Pengajar di Fakultas Psikologi Universitas Indonesia, Roby Muhamad, menuturkan, manusia di mana pun umumnya punya sifat alamiah berupa optimisme yang sebenarnya bias. Beragam riset dan fakta menunjukkan manusia cenderung menganggap peluang sesuatu yang buruk terjadi padanya kecil. ”Mungkin pada orang lain terjadi, tetapi pada dirinya kecil. Itu sudah built-in dalam pikiran manusia,” ucap Roby, Senin (20/7/2020).
Ada mekanisme di otak yang bisa menjadi salah satu pemicu perubahan perilaku, yaitu ketakutan. Contohnya, ketakutan terhadap risiko kematian dari penularan Covid-19 membuat seseorang menjauhi kerumunan dan pertemuan serta rajin mengenakan masker.

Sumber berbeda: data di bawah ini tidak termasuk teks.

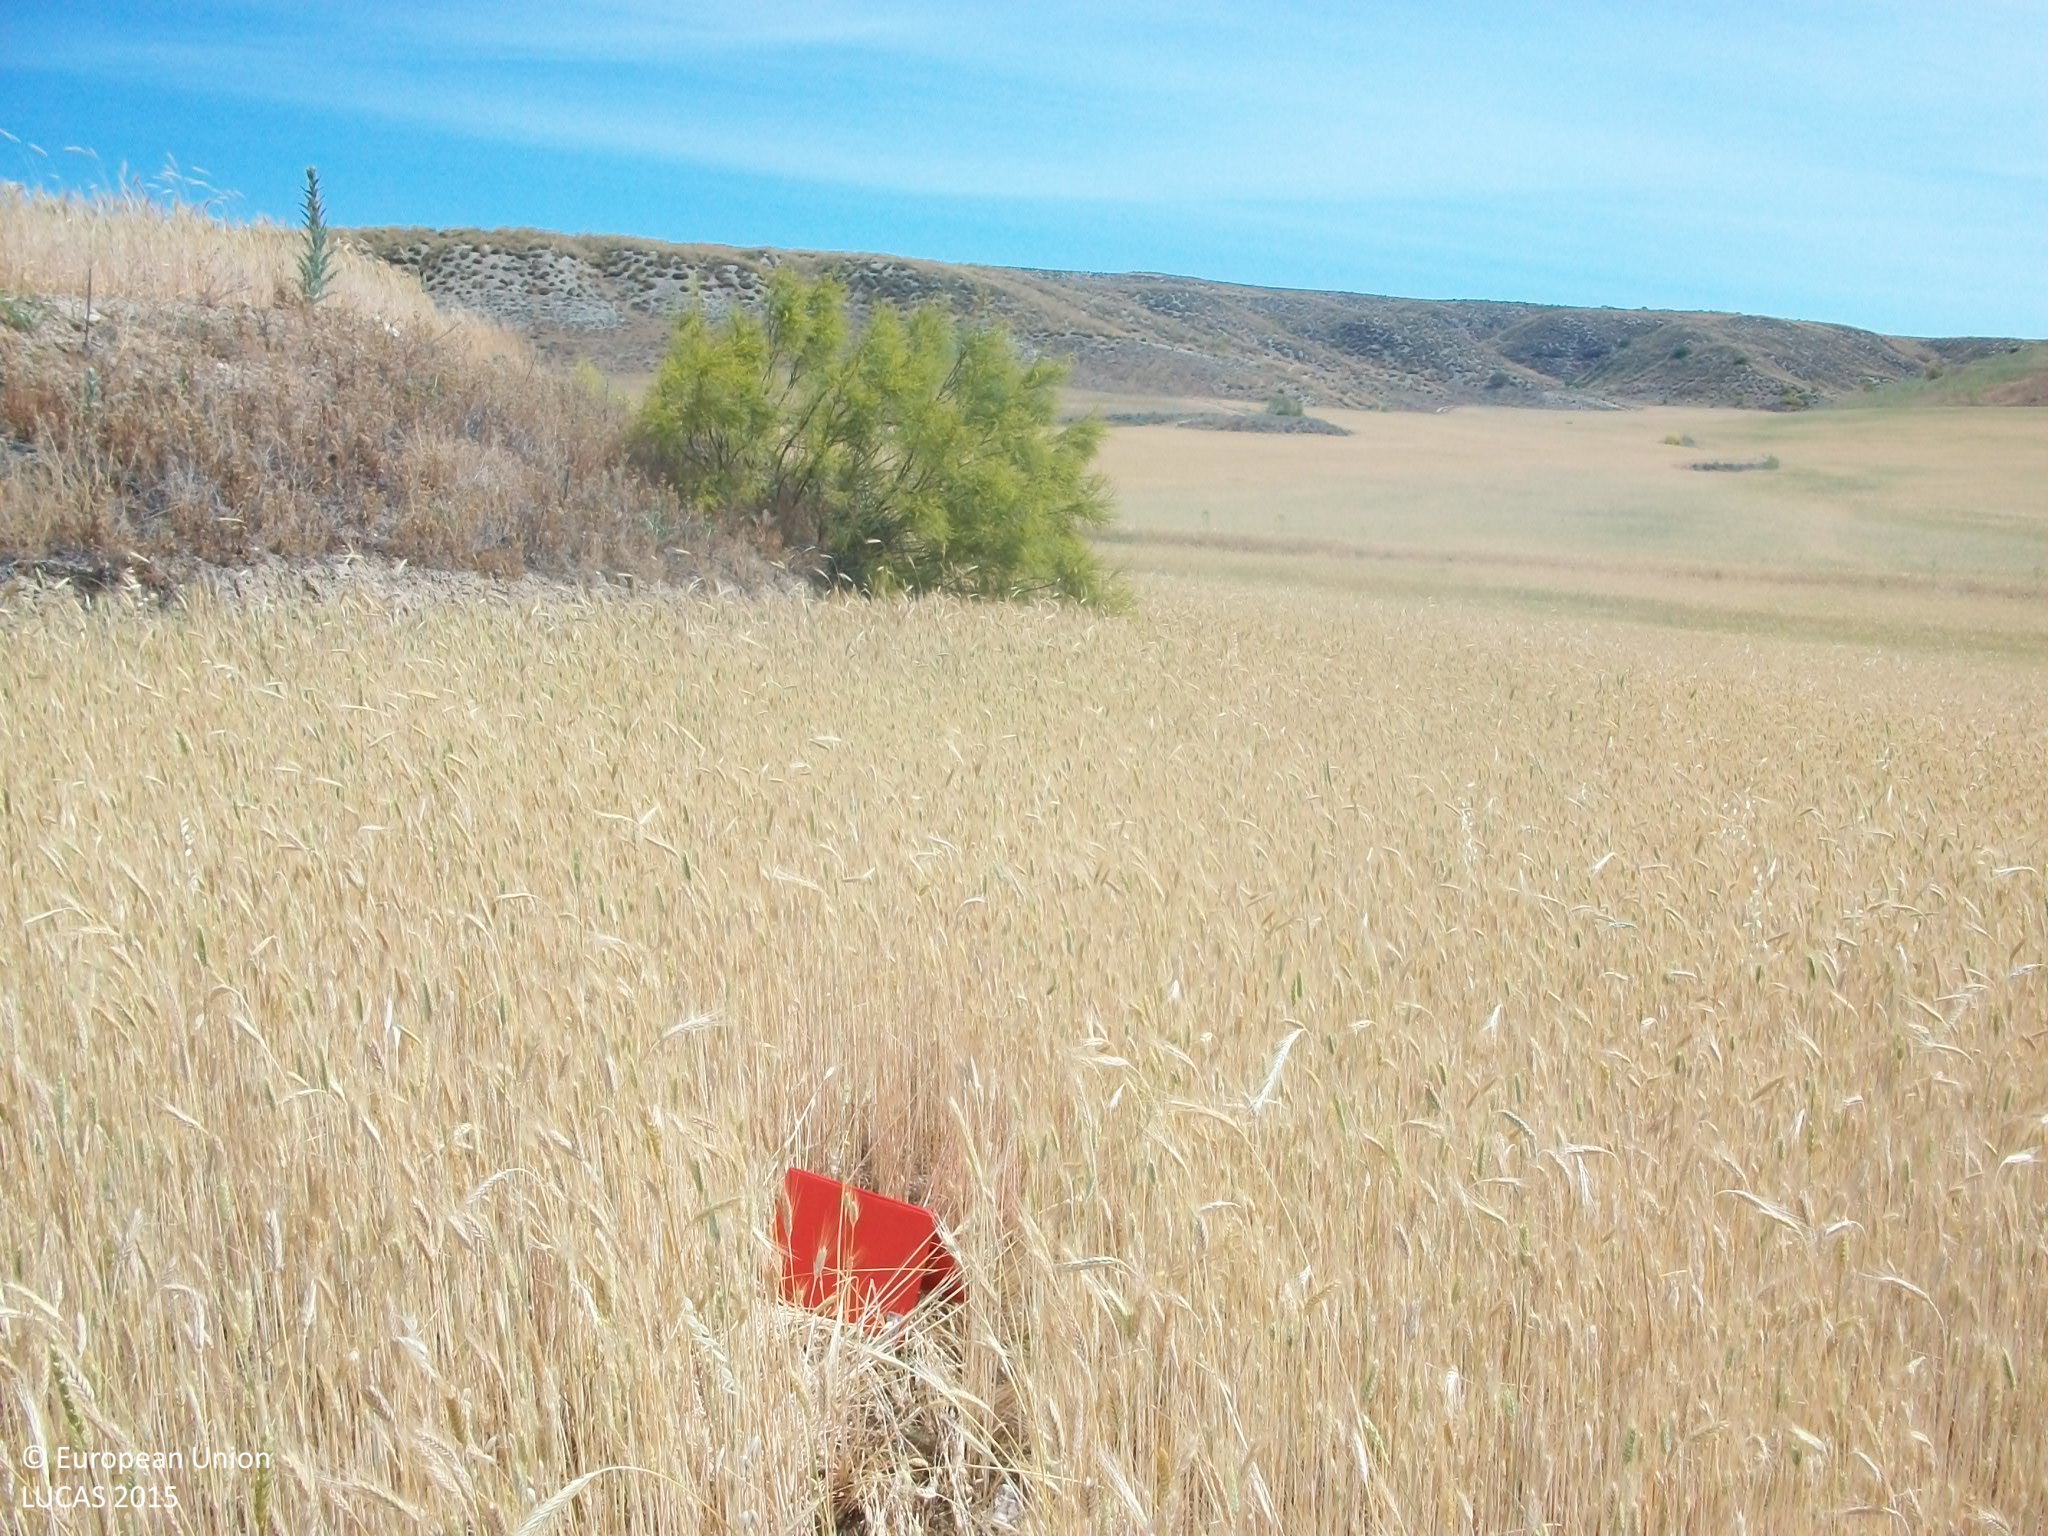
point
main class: Cropland
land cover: Common wheat
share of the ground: > 75 %
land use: Agriculture (excluding fallow land and kitchen gardens)
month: May
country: ES
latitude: 40.0539
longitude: -3.6893
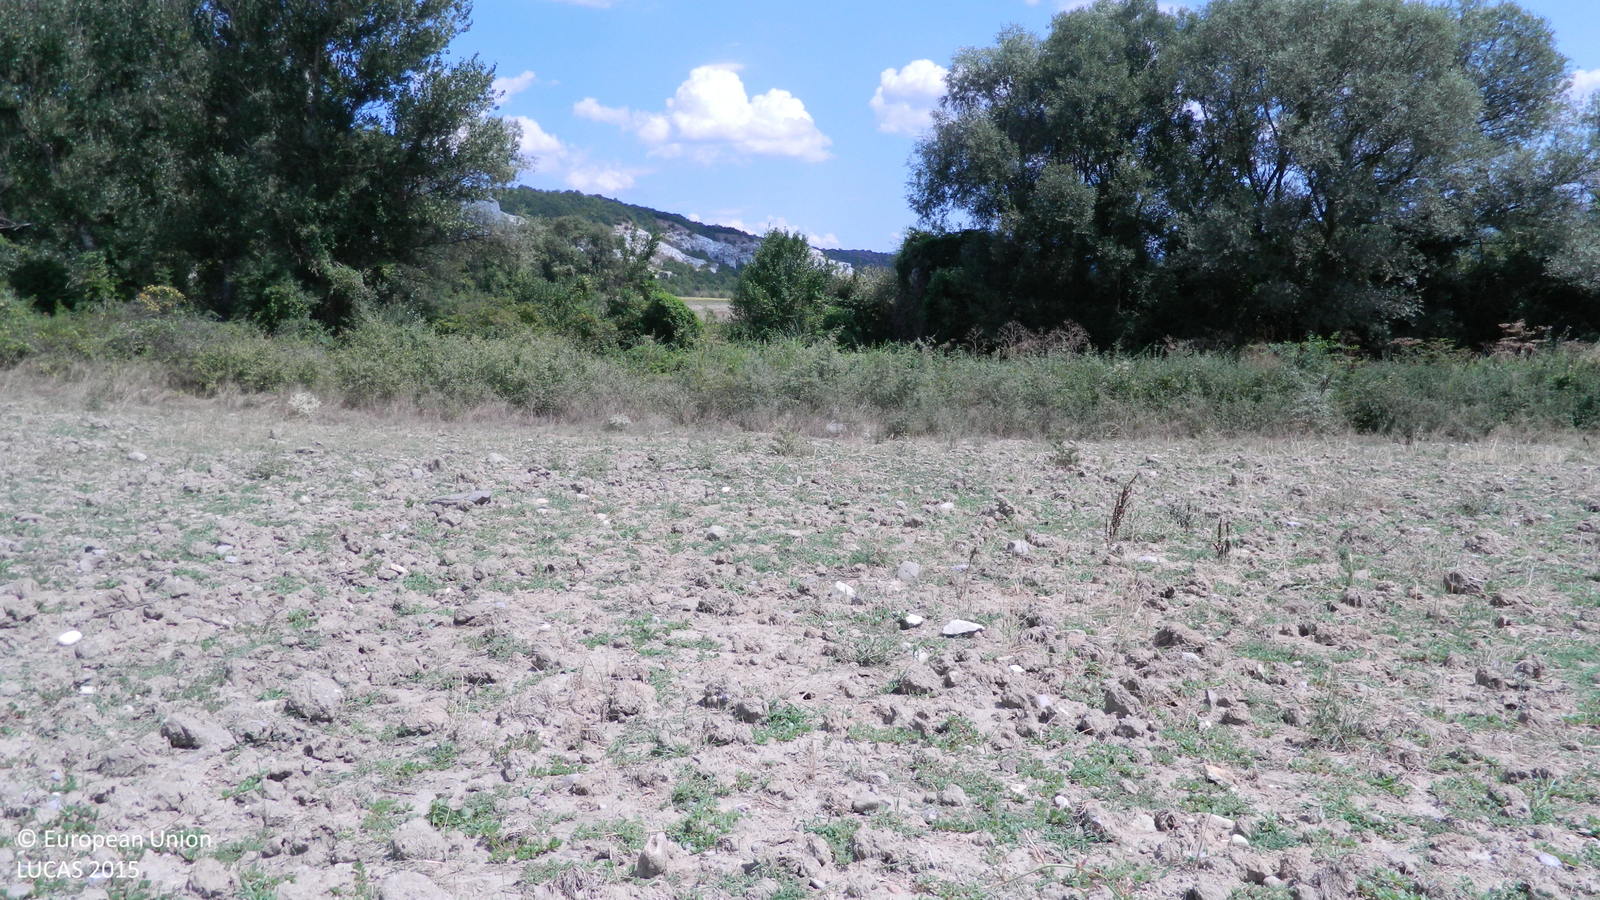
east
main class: Cropland
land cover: Other cereals
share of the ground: < 10 %
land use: Agriculture (excluding fallow land and kitchen gardens)
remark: Harvested field
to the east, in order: Other cereals; Shrubland with sparse tree cover; Spontaneously vegetated surfaces; Broadleaved woodland; Rivers and streams; Broadleaved woodland; Shrubland with sparse tree cover; Grass margins; Tracks; Common wheat; Spontaneously vegetated surfaces
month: August
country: BG
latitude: 41.6262
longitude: 25.6784
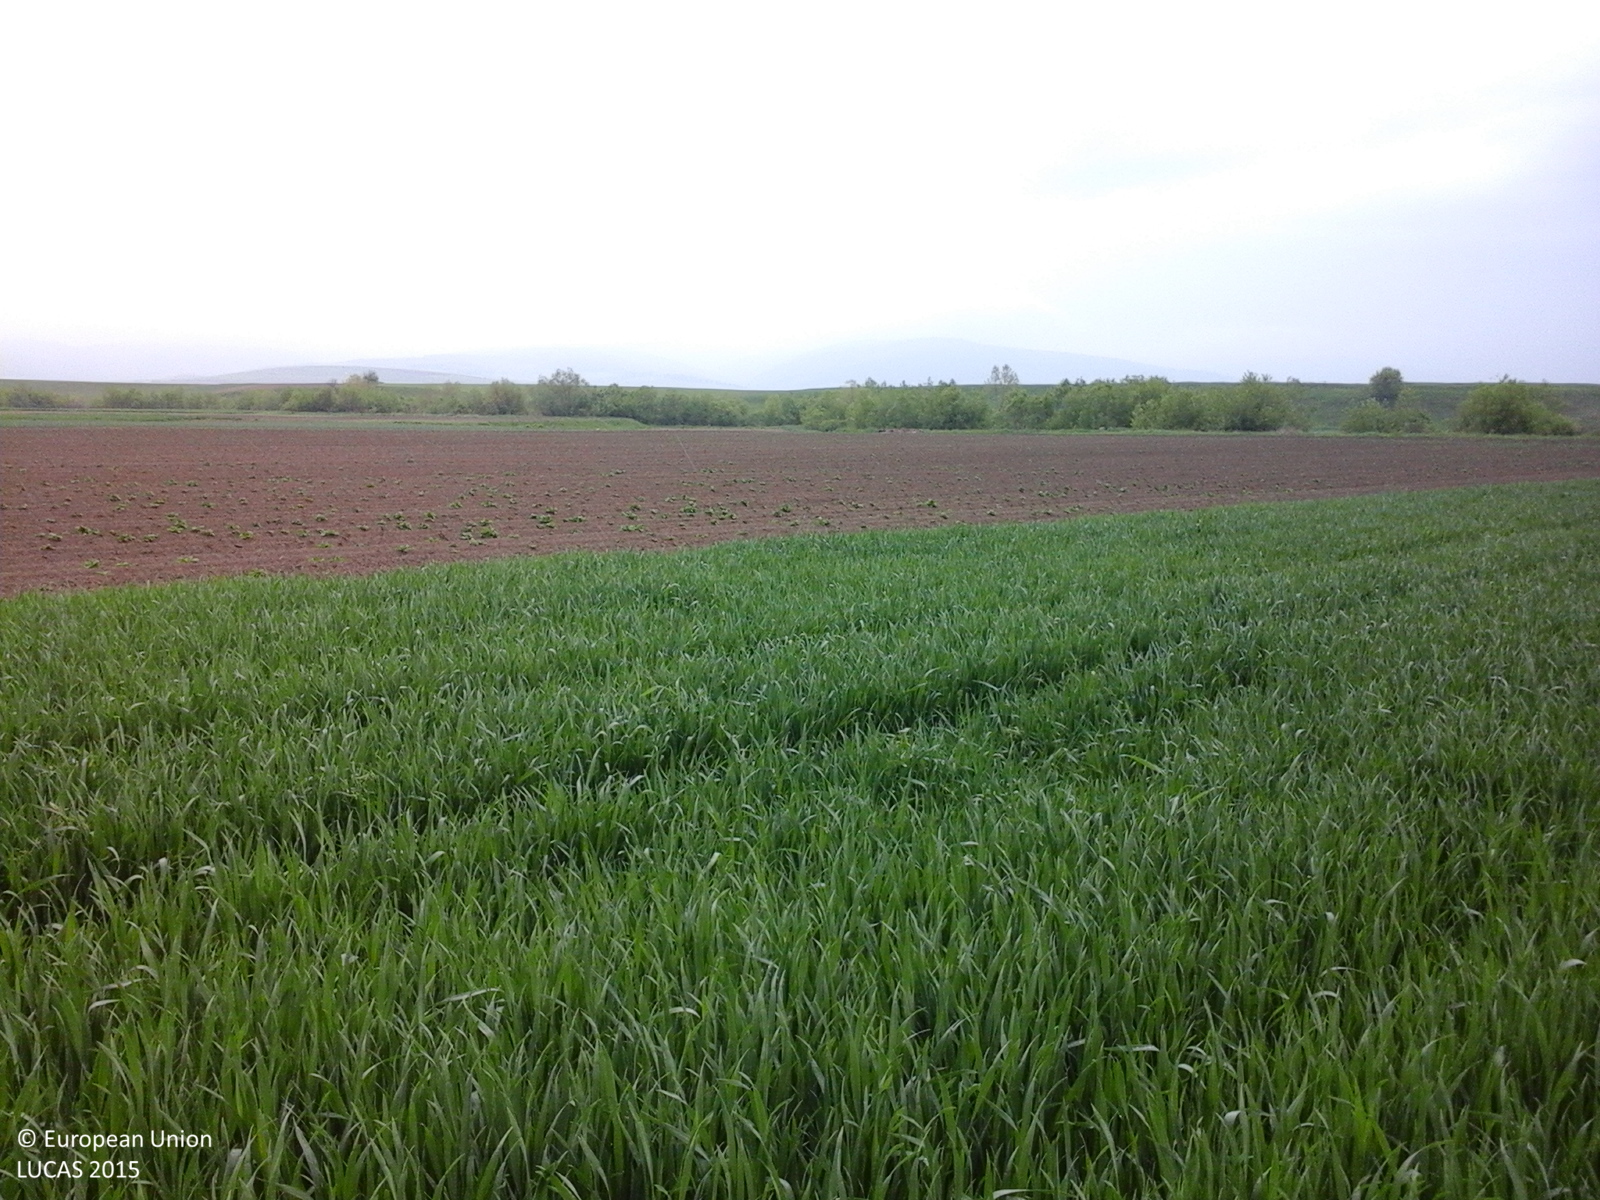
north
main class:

Menurut Roby, kadar ketakutan itu mesti pas untuk mendorong terciptanya perubahan perilaku. Sebab, ada dua kemungkinan dari rasa takut berlebihan, yakni menimbulkan kepanikan atau malah membuat seseorang tidak berbuat apa-apa.
Dalam konteks Covid-19, menciptakan keseimbangan antara bias optimisme dan ketakutan berlebihan menjadi tantangan guna mendorong perubahan perilaku di masyarakat agar membiasakan diri dengan protokol kesehatan.
”Kunci menciptakan keseimbangan itu adalah mengefektifkan lagi komunikasi, baik yang digencarkan pemerintah, nonpemerintah, seperti media massa maupun komunikasi yang berjalan pada kehidupan sehari-hari warga,” katanya.